ちなみに、メルカリで売れた最高額の商品は、315万円のダイヤモンドです(2018年9月5日時点)。社員としても驚きましたが、それほど高額なものでもアプリ上で売り買いされる信頼感は、安心・安全なサービスに育っているとも言えます。

採用競争力を上げるには?

GAFAは4社とも社会的な使命をより求められていくというフェーズに入っていると思います。

『the four GAFA 四騎士が創り変えた世界』では、グーグルのことを「神」と表現していますが、悪意を持てばいくらでも社会をコントロールできてしまう。フェイスブックの言論統制問題などもそうです。メルカリもやはり社会からどう見られるか、なにを求められているのかということは、多くの方に使われるサービスとして、強く意識して考えなければなりません。
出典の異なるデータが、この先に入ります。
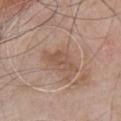Case summary:
* workup — catalogued during a skin exam; not biopsied
* site — the chest
* patient — male, in their mid-50s
* lesion size — ≈4 mm
* tile lighting — white-light
* acquisition — total-body-photography crop, ~15 mm field of view
* TBP lesion metrics — a border-irregularity rating of about 5.5/10, a within-lesion color-variation index near 1/10, and a peripheral color-asymmetry measure near 0.5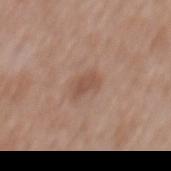Q: Was this lesion biopsied?
A: no biopsy performed (imaged during a skin exam)
Q: What did automated image analysis measure?
A: an area of roughly 4 mm², a shape eccentricity near 0.75, and a symmetry-axis asymmetry near 0.25
Q: How large is the lesion?
A: ≈2.5 mm
Q: What are the patient's age and sex?
A: male, in their 60s
Q: What lighting was used for the tile?
A: white-light
Q: What kind of image is this?
A: ~15 mm crop, total-body skin-cancer survey
Q: What is the anatomic site?
A: the mid back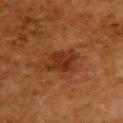Imaged during a routine full-body skin examination; the lesion was not biopsied and no histopathology is available. A 15 mm crop from a total-body photograph taken for skin-cancer surveillance. The lesion is on the back. A female subject aged around 50.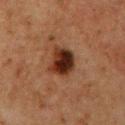Located on the back. A female patient, aged around 60. A roughly 15 mm field-of-view crop from a total-body skin photograph.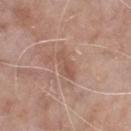{
  "biopsy_status": "not biopsied; imaged during a skin examination",
  "lighting": "white-light",
  "site": "chest",
  "patient": {
    "sex": "male",
    "age_approx": 65
  },
  "image": {
    "source": "total-body photography crop",
    "field_of_view_mm": 15
  },
  "automated_metrics": {
    "cielab_L": 54,
    "cielab_a": 20,
    "cielab_b": 27,
    "vs_skin_darker_L": 8.0,
    "vs_skin_contrast_norm": 5.5,
    "nevus_likeness_0_100": 0
  }
}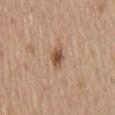Findings:
- notes · no biopsy performed (imaged during a skin exam)
- illumination · white-light
- imaging modality · 15 mm crop, total-body photography
- subject · male, aged 68 to 72
- location · the mid back
- lesion diameter · about 3 mm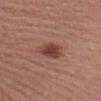Q: Was this lesion biopsied?
A: no biopsy performed (imaged during a skin exam)
Q: How was this image acquired?
A: ~15 mm tile from a whole-body skin photo
Q: What are the patient's age and sex?
A: female, roughly 55 years of age
Q: Where on the body is the lesion?
A: the left upper arm
Q: What lighting was used for the tile?
A: white-light illumination
Q: How large is the lesion?
A: ~3 mm (longest diameter)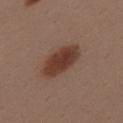Captured during whole-body skin photography for melanoma surveillance; the lesion was not biopsied. The tile uses white-light illumination. A male patient, aged 38 to 42. From the upper back. Approximately 5.5 mm at its widest. A 15 mm crop from a total-body photograph taken for skin-cancer surveillance.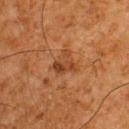Imaged during a routine full-body skin examination; the lesion was not biopsied and no histopathology is available.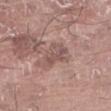Q: Was this lesion biopsied?
A: total-body-photography surveillance lesion; no biopsy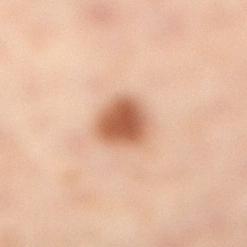biopsy_status: not biopsied; imaged during a skin examination
site: left leg
image:
  source: total-body photography crop
  field_of_view_mm: 15
lesion_size:
  long_diameter_mm_approx: 3.5
lighting: cross-polarized
patient:
  sex: female
  age_approx: 55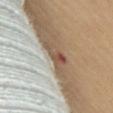{"site": "front of the torso", "automated_metrics": {"area_mm2_approx": 5.0, "eccentricity": 0.85, "shape_asymmetry": 0.6, "color_variation_0_10": 9.0, "peripheral_color_asymmetry": 3.5, "nevus_likeness_0_100": 0, "lesion_detection_confidence_0_100": 100}, "patient": {"sex": "female", "age_approx": 70}, "image": {"source": "total-body photography crop", "field_of_view_mm": 15}}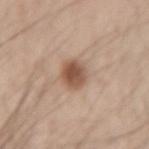Imaged during a routine full-body skin examination; the lesion was not biopsied and no histopathology is available.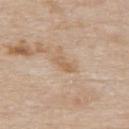Clinical impression: Captured during whole-body skin photography for melanoma surveillance; the lesion was not biopsied. Acquisition and patient details: Automated image analysis of the tile measured a nevus-likeness score of about 0/100 and a detector confidence of about 100 out of 100 that the crop contains a lesion. About 3 mm across. The subject is a male in their mid-80s or older. This is a white-light tile. A roughly 15 mm field-of-view crop from a total-body skin photograph. On the upper back.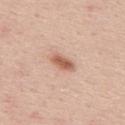The lesion is on the upper back. A 15 mm crop from a total-body photograph taken for skin-cancer surveillance. The patient is a male in their mid-40s. Longest diameter approximately 3 mm. This is a white-light tile.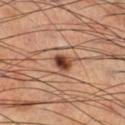follow-up — catalogued during a skin exam; not biopsied
site — the right lower leg
image source — ~15 mm tile from a whole-body skin photo
patient — male, aged 63–67
lighting — cross-polarized illumination
automated lesion analysis — a footprint of about 4 mm², an eccentricity of roughly 0.55, and a symmetry-axis asymmetry near 0.25; an average lesion color of about L≈42 a*≈24 b*≈30 (CIELAB), a lesion–skin lightness drop of about 17, and a lesion-to-skin contrast of about 12.5 (normalized; higher = more distinct); border irregularity of about 2 on a 0–10 scale, a within-lesion color-variation index near 7/10, and a peripheral color-asymmetry measure near 2.5; an automated nevus-likeness rating near 100 out of 100 and lesion-presence confidence of about 100/100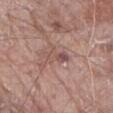Imaged during a routine full-body skin examination; the lesion was not biopsied and no histopathology is available.
A lesion tile, about 15 mm wide, cut from a 3D total-body photograph.
A male subject aged around 80.
The total-body-photography lesion software estimated an area of roughly 4.5 mm², an outline eccentricity of about 0.9 (0 = round, 1 = elongated), and two-axis asymmetry of about 0.3.
The tile uses white-light illumination.
Approximately 3.5 mm at its widest.
The lesion is on the front of the torso.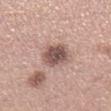Clinical impression: Part of a total-body skin-imaging series; this lesion was reviewed on a skin check and was not flagged for biopsy. Clinical summary: Captured under white-light illumination. The lesion is located on the right lower leg. The lesion-visualizer software estimated a footprint of about 8.5 mm², an eccentricity of roughly 0.35, and a shape-asymmetry score of about 0.15 (0 = symmetric). And it measured a mean CIELAB color near L≈52 a*≈19 b*≈21, roughly 15 lightness units darker than nearby skin, and a lesion-to-skin contrast of about 10 (normalized; higher = more distinct). The analysis additionally found a nevus-likeness score of about 5/100 and lesion-presence confidence of about 100/100. The patient is a female aged approximately 30. A roughly 15 mm field-of-view crop from a total-body skin photograph.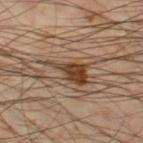{
  "biopsy_status": "not biopsied; imaged during a skin examination",
  "site": "left thigh",
  "image": {
    "source": "total-body photography crop",
    "field_of_view_mm": 15
  },
  "patient": {
    "sex": "male",
    "age_approx": 50
  },
  "lighting": "cross-polarized",
  "lesion_size": {
    "long_diameter_mm_approx": 5.0
  }
}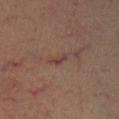Clinical impression: This lesion was catalogued during total-body skin photography and was not selected for biopsy. Acquisition and patient details: The tile uses cross-polarized illumination. A male subject, about 60 years old. Located on the left lower leg. A 15 mm close-up extracted from a 3D total-body photography capture. An algorithmic analysis of the crop reported a nevus-likeness score of about 0/100. Approximately 2.5 mm at its widest.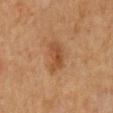acquisition=~15 mm tile from a whole-body skin photo | image-analysis metrics=a border-irregularity rating of about 3.5/10, internal color variation of about 3 on a 0–10 scale, and peripheral color asymmetry of about 1; a classifier nevus-likeness of about 35/100 and a detector confidence of about 100 out of 100 that the crop contains a lesion | body site=the back | lesion diameter=about 4 mm | patient=male, aged around 60 | illumination=cross-polarized.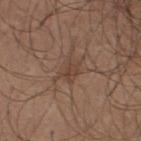Findings:
– follow-up · catalogued during a skin exam; not biopsied
– size · about 2.5 mm
– site · the upper back
– subject · male, aged 23 to 27
– image source · ~15 mm tile from a whole-body skin photo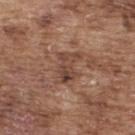notes: total-body-photography surveillance lesion; no biopsy
subject: male, aged 73 to 77
image source: 15 mm crop, total-body photography
site: the upper back
lesion diameter: ~4.5 mm (longest diameter)
tile lighting: white-light illumination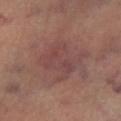{
  "biopsy_status": "not biopsied; imaged during a skin examination",
  "image": {
    "source": "total-body photography crop",
    "field_of_view_mm": 15
  },
  "lighting": "cross-polarized",
  "site": "left lower leg",
  "lesion_size": {
    "long_diameter_mm_approx": 5.0
  },
  "patient": {
    "age_approx": 65
  }
}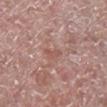biopsy status: catalogued during a skin exam; not biopsied
size: ≈3 mm
imaging modality: ~15 mm crop, total-body skin-cancer survey
anatomic site: the right lower leg
automated metrics: a footprint of about 2.5 mm² and a shape-asymmetry score of about 0.45 (0 = symmetric); an average lesion color of about L≈54 a*≈23 b*≈25 (CIELAB) and about 7 CIELAB-L* units darker than the surrounding skin; a border-irregularity rating of about 5/10, a within-lesion color-variation index near 0/10, and a peripheral color-asymmetry measure near 0
tile lighting: white-light illumination
patient: male, in their mid-60s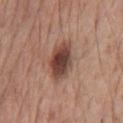Q: Was a biopsy performed?
A: total-body-photography surveillance lesion; no biopsy
Q: Who is the patient?
A: male, in their mid- to late 50s
Q: Automated lesion metrics?
A: a shape eccentricity near 0.8 and a shape-asymmetry score of about 0.15 (0 = symmetric); a within-lesion color-variation index near 7/10 and radial color variation of about 1.5; a nevus-likeness score of about 95/100 and lesion-presence confidence of about 100/100
Q: Lesion location?
A: the chest
Q: What is the imaging modality?
A: ~15 mm crop, total-body skin-cancer survey
Q: Illumination type?
A: white-light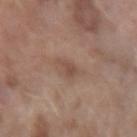| field | value |
|---|---|
| biopsy status | no biopsy performed (imaged during a skin exam) |
| image | ~15 mm tile from a whole-body skin photo |
| patient | female, aged approximately 60 |
| site | the left forearm |
| image-analysis metrics | a border-irregularity rating of about 3/10, a color-variation rating of about 1.5/10, and radial color variation of about 0.5 |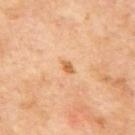Imaged during a routine full-body skin examination; the lesion was not biopsied and no histopathology is available. The lesion is on the back. The tile uses cross-polarized illumination. The lesion's longest dimension is about 2 mm. The total-body-photography lesion software estimated a border-irregularity rating of about 3/10, internal color variation of about 0 on a 0–10 scale, and radial color variation of about 0. A male patient, aged around 70. Cropped from a whole-body photographic skin survey; the tile spans about 15 mm.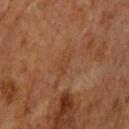biopsy_status: not biopsied; imaged during a skin examination
lighting: cross-polarized
patient:
  sex: male
  age_approx: 65
site: left upper arm
image:
  source: total-body photography crop
  field_of_view_mm: 15
lesion_size:
  long_diameter_mm_approx: 3.0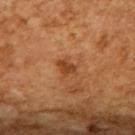| key | value |
|---|---|
| notes | total-body-photography surveillance lesion; no biopsy |
| lighting | cross-polarized |
| subject | male, roughly 65 years of age |
| lesion diameter | ≈3 mm |
| image | ~15 mm crop, total-body skin-cancer survey |
| automated metrics | a footprint of about 4 mm², an eccentricity of roughly 0.7, and a shape-asymmetry score of about 0.3 (0 = symmetric) |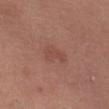Notes:
– workup — total-body-photography surveillance lesion; no biopsy
– automated metrics — a footprint of about 5 mm², a shape eccentricity near 0.85, and a symmetry-axis asymmetry near 0.35
– acquisition — 15 mm crop, total-body photography
– patient — female, aged around 65
– illumination — white-light
– anatomic site — the abdomen
– lesion size — about 3.5 mm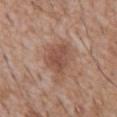Clinical impression:
Part of a total-body skin-imaging series; this lesion was reviewed on a skin check and was not flagged for biopsy.
Background:
The lesion is on the front of the torso. The subject is a male in their 60s. A roughly 15 mm field-of-view crop from a total-body skin photograph.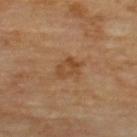Assessment: Imaged during a routine full-body skin examination; the lesion was not biopsied and no histopathology is available. Context: The patient is a male aged approximately 70. A 15 mm close-up tile from a total-body photography series done for melanoma screening. On the upper back. The lesion's longest dimension is about 3.5 mm. Automated image analysis of the tile measured an average lesion color of about L≈45 a*≈20 b*≈35 (CIELAB), a lesion–skin lightness drop of about 7, and a normalized lesion–skin contrast near 6.5.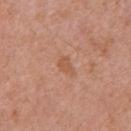The lesion was tiled from a total-body skin photograph and was not biopsied. Located on the chest. Imaged with white-light lighting. Longest diameter approximately 2.5 mm. A male patient about 70 years old. A 15 mm crop from a total-body photograph taken for skin-cancer surveillance.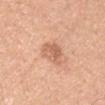Findings:
• workup: catalogued during a skin exam; not biopsied
• automated metrics: a lesion area of about 6 mm², a shape eccentricity near 0.6, and a symmetry-axis asymmetry near 0.3; a peripheral color-asymmetry measure near 1.5; lesion-presence confidence of about 100/100
• subject: male, in their 30s
• lesion diameter: ~3 mm (longest diameter)
• acquisition: 15 mm crop, total-body photography
• tile lighting: white-light illumination
• site: the right upper arm

たとえばグーグルジャパンでは、女子中高生向けにプログラミングを教えるような取り組みをしていますが、メルカリも高校生向けのイベントをスポンサードするなどしています。直接的な採用のブランディングというよりは、間接的にエンジニア人口を増やしていくという観点で積極的に取り組んでいます。

――石黒さんは採用ご担当としてGAFAの人材戦略をどう見ていらっしゃいますか。

GAFAは人材獲得の面では、優れていると思っています。報酬ひとつとっても強い。シリコンバレーと日本では生活水準が違いますから、単純な給与の比較はできませんが、株式報酬をうまく使うような仕組みは、日本の企業が見習えるところではないかと思っています。

そして、GAFAには優秀な方が集まっています。基本的に「人」なんですよね。人がなにを生み出し、なにを売るか。採用活動を通してつくづく感じていますが、もはや「2人いれば2倍になる」という単純な世界ではなくなっています。2人で5倍、5人で50倍ということも可能な環境を社内に整えて、採用競争力を上げていく必要があるでしょう。

――GAFAは人材戦略の特徴として、日本企業にはあまり見られない多様な人材を獲得していると言われます。

そうですね。メルカリでは、「mercari R4D」という研究開発組織を立ち上げて、量子コンピューティングなど、いますぐアプリに実装するわけではないけれども、将来的に必要になる技術を開発するために研究者を採用しています。

GAFAは秘密裏に開発を進めていることが多くあると言われていますが、mercari R4Dは、筑波大学の落合研究室、東京大学の川原研究室などとパートナーシップを組んで、オープンな共同開発をいくつか同時並行で進めています。

メルカリも、かつては「人事」「広報」など一般的にわかりやすい採用枠が多かったのですが、企業体力がついてきたこともあり、この半年ほどで、コピーライター、ビデオグラファー、日本語教師など多様な人材を採用するようになりました。霞が関の政策対応、という人材もいます。メルカリには「新たな価値を生みだす世界的なマーケットプレイスを創る」というミッションがありますが、みなさんそこに共感してくれている仲間です。